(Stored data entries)

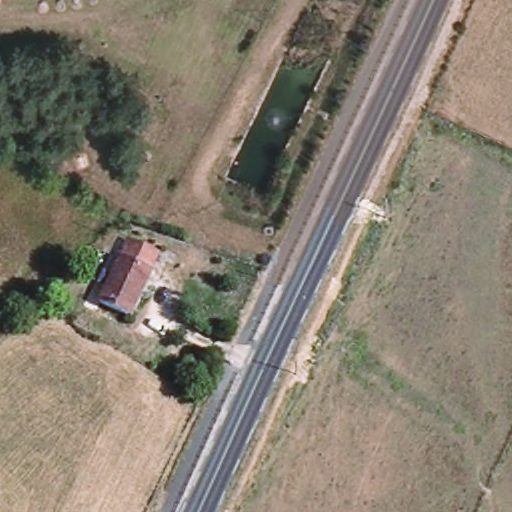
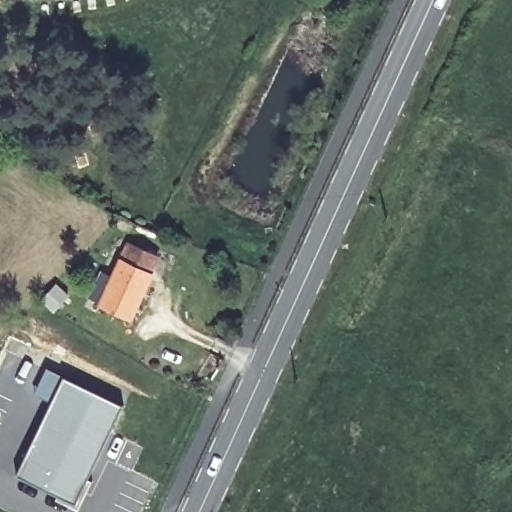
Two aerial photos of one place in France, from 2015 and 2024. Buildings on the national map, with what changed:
unchanged [(158,257),(149,274),(151,276),(131,317),(100,305),(129,244),(158,257)]
new [(19,472),(54,402),(35,393),(47,368),(123,406),(76,502),(19,472)]

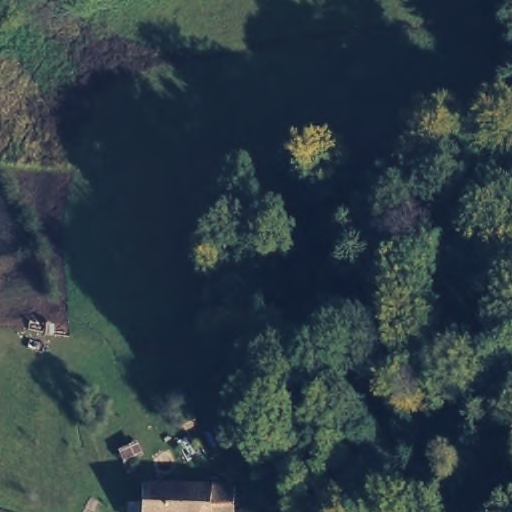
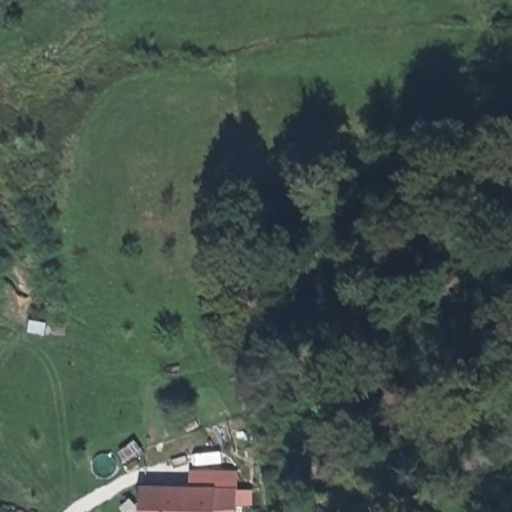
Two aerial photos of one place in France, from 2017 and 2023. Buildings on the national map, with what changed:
unchanged [(224,512),(129,512),(127,488),(224,490),(224,512)]

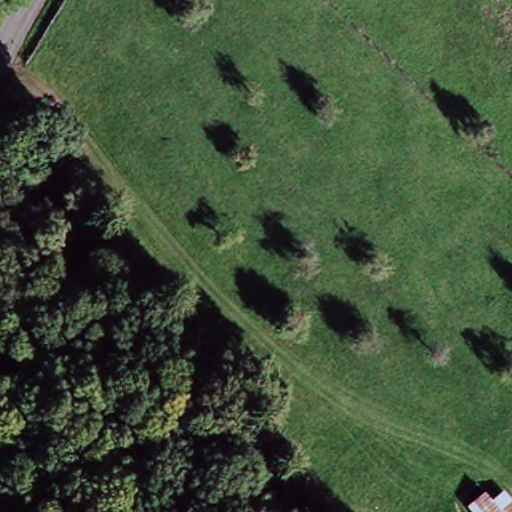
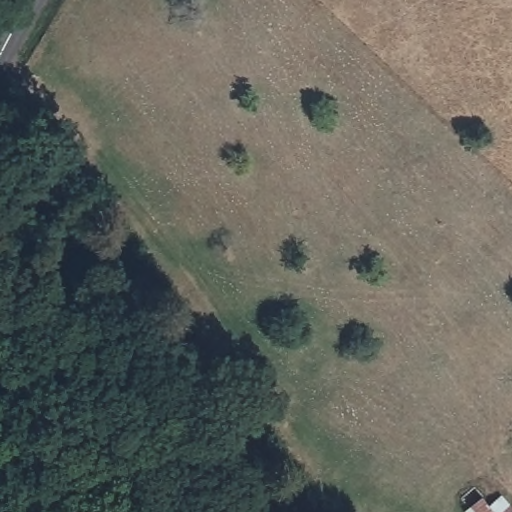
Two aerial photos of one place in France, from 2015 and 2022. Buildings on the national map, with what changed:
unchanged [(487,510),(498,500),(509,512),(466,512),(479,501),(487,510)]

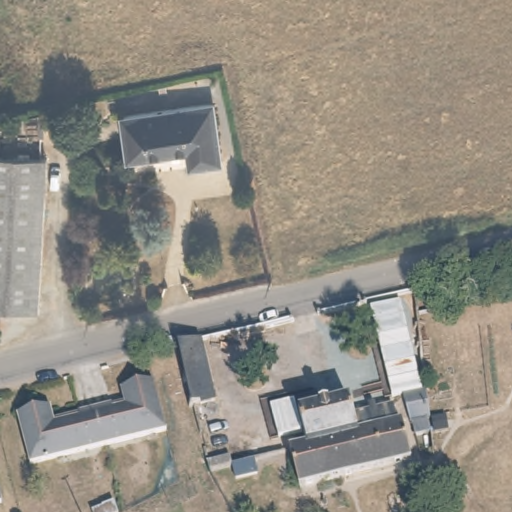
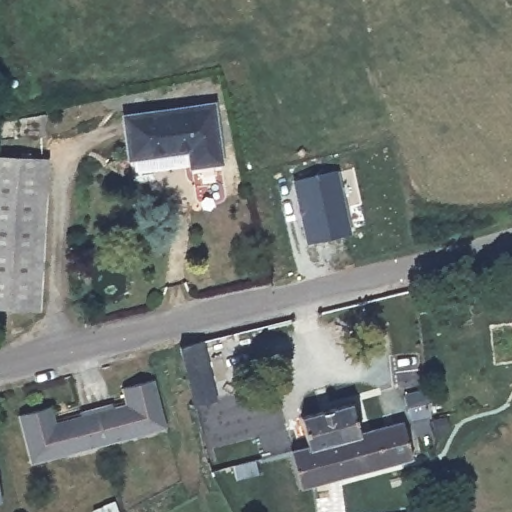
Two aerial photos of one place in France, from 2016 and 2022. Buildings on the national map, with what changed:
unchanged [(137,157),(132,113),(142,112),(217,103),(225,162),(199,165),(196,151),(154,155),(137,157)]
unchanged [(44,154),(34,303),(0,303),(0,152),(44,154)]
new [(305,242),(290,181),(337,171),(352,233),(305,242)]
unchanged [(218,411),(195,417),(180,357),(206,350),(218,411)]
unchanged [(166,421),(24,453),(12,405),(45,397),(50,417),(74,412),(72,406),(105,397),(106,401),(124,398),(120,378),(154,371),(166,421)]
unchanged [(417,437),(412,422),(405,397),(427,393),(432,438),(417,437)]
unchanged [(415,464),(302,491),(291,453),(311,447),(303,421),(352,407),(357,419),(395,412),(400,427),(405,427),(415,464)]
unchanged [(217,462),(244,457),(246,466),(219,475),(217,462)]
unchanged [(4,499),(0,500),(0,485),(4,499)]

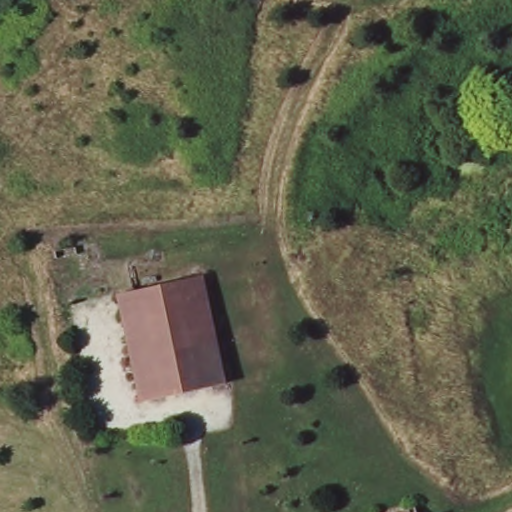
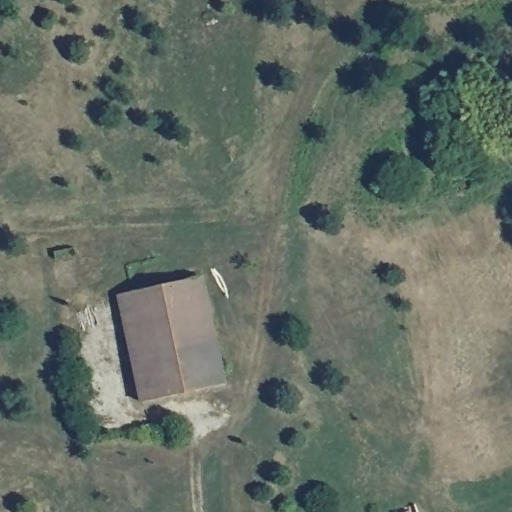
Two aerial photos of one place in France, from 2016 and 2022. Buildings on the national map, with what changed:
unchanged [(203,276),(224,383),(140,398),(119,291),(134,288),(194,278),(203,276)]

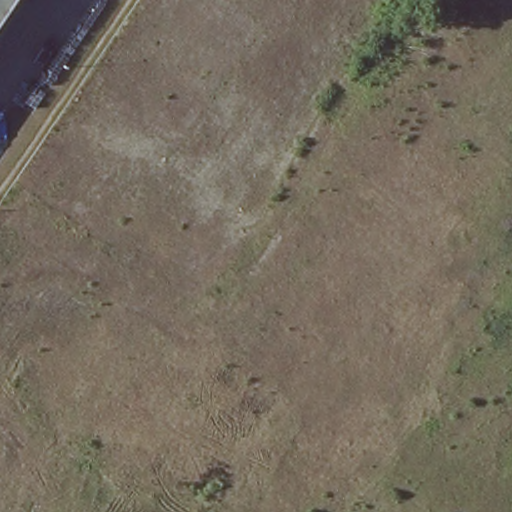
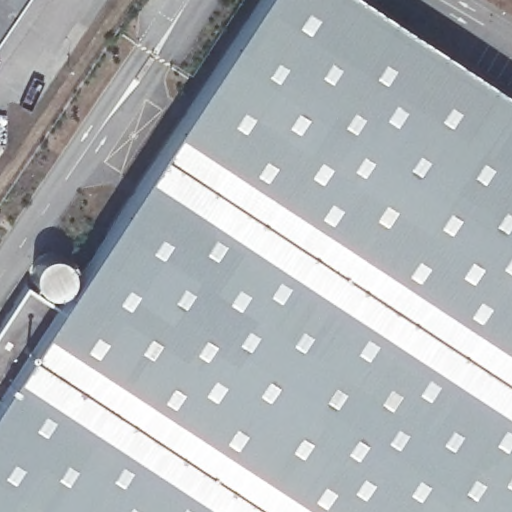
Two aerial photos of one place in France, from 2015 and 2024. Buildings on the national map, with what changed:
unchanged [(0,0),(17,0),(0,26),(0,0)]
new [(38,292),(33,285),(30,274),(35,264),(43,257),(51,255),(62,257),(70,264),(78,277),(261,0),(360,0),(512,99),(512,512),(0,512),(0,323),(24,285),(34,293),(38,292)]

◆ **Assigned task**
From the first line to the last, write out the data exactly, omitting any pictures.

◆ **Response area**
Two aerial photos of one place in France, from 2015 and 2024. Buildings on the national map, with what changed:
unchanged [(158,257),(149,274),(151,276),(131,317),(100,305),(129,244),(158,257)]
new [(19,472),(54,402),(35,393),(47,368),(123,406),(76,502),(19,472)]

Two aerial photos of one place in France, from 2017 and 2023. Buildings on the national map, with what changed:
unchanged [(224,512),(129,512),(127,488),(224,490),(224,512)]

Two aerial photos of one place in France, from 2015 and 2022. Buildings on the national map, with what changed:
unchanged [(487,510),(498,500),(509,512),(466,512),(479,501),(487,510)]

Two aerial photos of one place in France, from 2016 and 2022. Buildings on the national map, with what changed:
unchanged [(137,157),(132,113),(142,112),(217,103),(225,162),(199,165),(196,151),(154,155),(137,157)]
unchanged [(44,154),(34,303),(0,303),(0,152),(44,154)]
new [(305,242),(290,181),(337,171),(352,233),(305,242)]
unchanged [(218,411),(195,417),(180,357),(206,350),(218,411)]
unchanged [(166,421),(24,453),(12,405),(45,397),(50,417),(74,412),(72,406),(105,397),(106,401),(124,398),(120,378),(154,371),(166,421)]
unchanged [(417,437),(412,422),(405,397),(427,393),(432,438),(417,437)]
unchanged [(415,464),(302,491),(291,453),(311,447),(303,421),(352,407),(357,419),(395,412),(400,427),(405,427),(415,464)]
unchanged [(217,462),(244,457),(246,466),(219,475),(217,462)]
unchanged [(4,499),(0,500),(0,485),(4,499)]

Two aerial photos of one place in France, from 2016 and 2022. Buildings on the national map, with what changed:
unchanged [(203,276),(224,383),(140,398),(119,291),(134,288),(194,278),(203,276)]

Two aerial photos of one place in France, from 2015 and 2024. Buildings on the national map, with what changed:
unchanged [(0,0),(17,0),(0,26),(0,0)]
new [(38,292),(33,285),(30,274),(35,264),(43,257),(51,255),(62,257),(70,264),(78,277),(261,0),(360,0),(512,99),(512,512),(0,512),(0,323),(24,285),(34,293),(38,292)]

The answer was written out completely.